- **SUPPLIED DATA**:
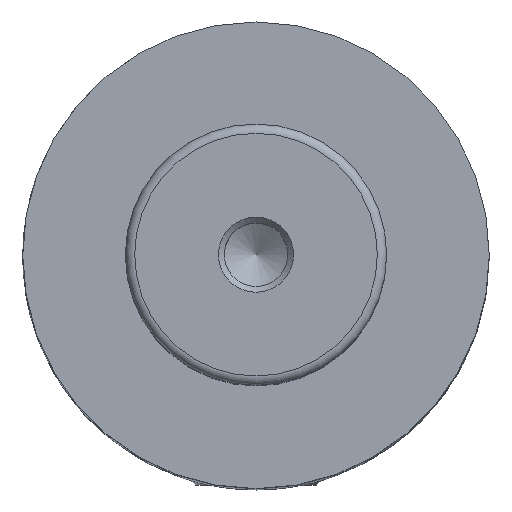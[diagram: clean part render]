
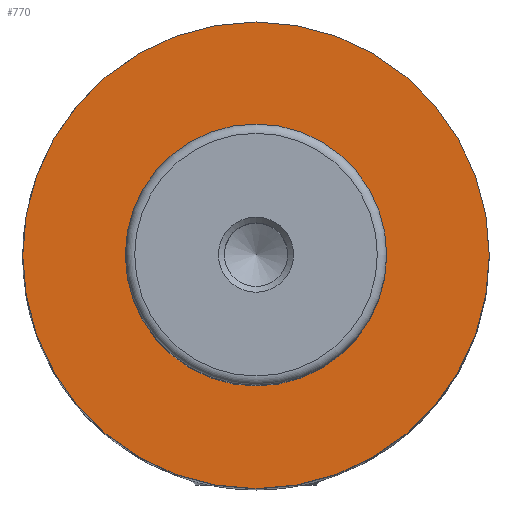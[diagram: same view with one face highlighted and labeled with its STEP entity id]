
A CAD part, top view. The second image highlights one B-rep face of the part: STEP entity #770.
In plain terms, the highlighted planar face has unit normal (0, 0, 1).
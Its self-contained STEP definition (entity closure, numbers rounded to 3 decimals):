
#18=FACE_BOUND('',#251,.T.);
#26=PLANE('',#883);
#205=FACE_OUTER_BOUND('',#250,.T.);
#250=EDGE_LOOP('',(#657,#658));
#251=EDGE_LOOP('',(#659,#660));
#313=CIRCLE('',#864,14.);
#314=CIRCLE('',#865,14.);
#315=CIRCLE('',#867,25.);
#316=CIRCLE('',#868,25.);
#374=VERTEX_POINT('',#1320);
#375=VERTEX_POINT('',#1321);
#376=VERTEX_POINT('',#1326);
#377=VERTEX_POINT('',#1328);
#467=EDGE_CURVE('',#374,#375,#313,.T.);
#468=EDGE_CURVE('',#375,#374,#314,.T.);
#471=EDGE_CURVE('',#376,#377,#315,.T.);
#472=EDGE_CURVE('',#377,#376,#316,.T.);
#657=ORIENTED_EDGE('',*,*,#472,.F.);
#658=ORIENTED_EDGE('',*,*,#471,.F.);
#659=ORIENTED_EDGE('',*,*,#467,.T.);
#660=ORIENTED_EDGE('',*,*,#468,.T.);
#770=ADVANCED_FACE('',(#205,#18),#26,.T.);
#864=AXIS2_PLACEMENT_3D('',#1322,#1031,#1032);
#865=AXIS2_PLACEMENT_3D('',#1323,#1033,#1034);
#867=AXIS2_PLACEMENT_3D('',#1329,#1039,#1040);
#868=AXIS2_PLACEMENT_3D('',#1330,#1041,#1042);
#883=AXIS2_PLACEMENT_3D('',#1351,#1073,#1074);
#1031=DIRECTION('center_axis',(0.,0.,-1.));
#1032=DIRECTION('ref_axis',(-1.,0.,0.));
#1033=DIRECTION('center_axis',(0.,0.,-1.));
#1034=DIRECTION('ref_axis',(-1.,0.,0.));
#1039=DIRECTION('center_axis',(0.,0.,-1.));
#1040=DIRECTION('ref_axis',(-1.,0.,0.));
#1041=DIRECTION('center_axis',(0.,0.,-1.));
#1042=DIRECTION('ref_axis',(-1.,0.,0.));
#1073=DIRECTION('center_axis',(0.,0.,1.));
#1074=DIRECTION('ref_axis',(1.,0.,0.));
#1320=CARTESIAN_POINT('',(-14.,0.,83.));
#1321=CARTESIAN_POINT('',(14.,0.,83.));
#1322=CARTESIAN_POINT('Origin',(0.,0.,83.));
#1323=CARTESIAN_POINT('Origin',(0.,0.,83.));
#1326=CARTESIAN_POINT('',(25.,0.,83.));
#1328=CARTESIAN_POINT('',(-25.,0.,83.));
#1329=CARTESIAN_POINT('Origin',(0.,0.,83.));
#1330=CARTESIAN_POINT('Origin',(0.,0.,83.));
#1351=CARTESIAN_POINT('Origin',(-20.,0.,83.));

- **REQUIREMENT**: Output the records above exactly as they are, leaving out the pictures.

- **REPLY TO THE TASK**:
[diagram: clean part render]
[diagram: same view with one face highlighted and labeled with its STEP entity id]
A CAD part, top view. The second image highlights one B-rep face of the part: STEP entity #770.
In plain terms, the highlighted planar face has unit normal (0, 0, 1).
Its self-contained STEP definition (entity closure, numbers rounded to 3 decimals):
#18=FACE_BOUND('',#251,.T.);
#26=PLANE('',#883);
#205=FACE_OUTER_BOUND('',#250,.T.);
#250=EDGE_LOOP('',(#657,#658));
#251=EDGE_LOOP('',(#659,#660));
#313=CIRCLE('',#864,14.);
#314=CIRCLE('',#865,14.);
#315=CIRCLE('',#867,25.);
#316=CIRCLE('',#868,25.);
#374=VERTEX_POINT('',#1320);
#375=VERTEX_POINT('',#1321);
#376=VERTEX_POINT('',#1326);
#377=VERTEX_POINT('',#1328);
#467=EDGE_CURVE('',#374,#375,#313,.T.);
#468=EDGE_CURVE('',#375,#374,#314,.T.);
#471=EDGE_CURVE('',#376,#377,#315,.T.);
#472=EDGE_CURVE('',#377,#376,#316,.T.);
#657=ORIENTED_EDGE('',*,*,#472,.F.);
#658=ORIENTED_EDGE('',*,*,#471,.F.);
#659=ORIENTED_EDGE('',*,*,#467,.T.);
#660=ORIENTED_EDGE('',*,*,#468,.T.);
#770=ADVANCED_FACE('',(#205,#18),#26,.T.);
#864=AXIS2_PLACEMENT_3D('',#1322,#1031,#1032);
#865=AXIS2_PLACEMENT_3D('',#1323,#1033,#1034);
#867=AXIS2_PLACEMENT_3D('',#1329,#1039,#1040);
#868=AXIS2_PLACEMENT_3D('',#1330,#1041,#1042);
#883=AXIS2_PLACEMENT_3D('',#1351,#1073,#1074);
#1031=DIRECTION('center_axis',(0.,0.,-1.));
#1032=DIRECTION('ref_axis',(-1.,0.,0.));
#1033=DIRECTION('center_axis',(0.,0.,-1.));
#1034=DIRECTION('ref_axis',(-1.,0.,0.));
#1039=DIRECTION('center_axis',(0.,0.,-1.));
#1040=DIRECTION('ref_axis',(-1.,0.,0.));
#1041=DIRECTION('center_axis',(0.,0.,-1.));
#1042=DIRECTION('ref_axis',(-1.,0.,0.));
#1073=DIRECTION('center_axis',(0.,0.,1.));
#1074=DIRECTION('ref_axis',(1.,0.,0.));
#1320=CARTESIAN_POINT('',(-14.,0.,83.));
#1321=CARTESIAN_POINT('',(14.,0.,83.));
#1322=CARTESIAN_POINT('Origin',(0.,0.,83.));
#1323=CARTESIAN_POINT('Origin',(0.,0.,83.));
#1326=CARTESIAN_POINT('',(25.,0.,83.));
#1328=CARTESIAN_POINT('',(-25.,0.,83.));
#1329=CARTESIAN_POINT('Origin',(0.,0.,83.));
#1330=CARTESIAN_POINT('Origin',(0.,0.,83.));
#1351=CARTESIAN_POINT('Origin',(-20.,0.,83.));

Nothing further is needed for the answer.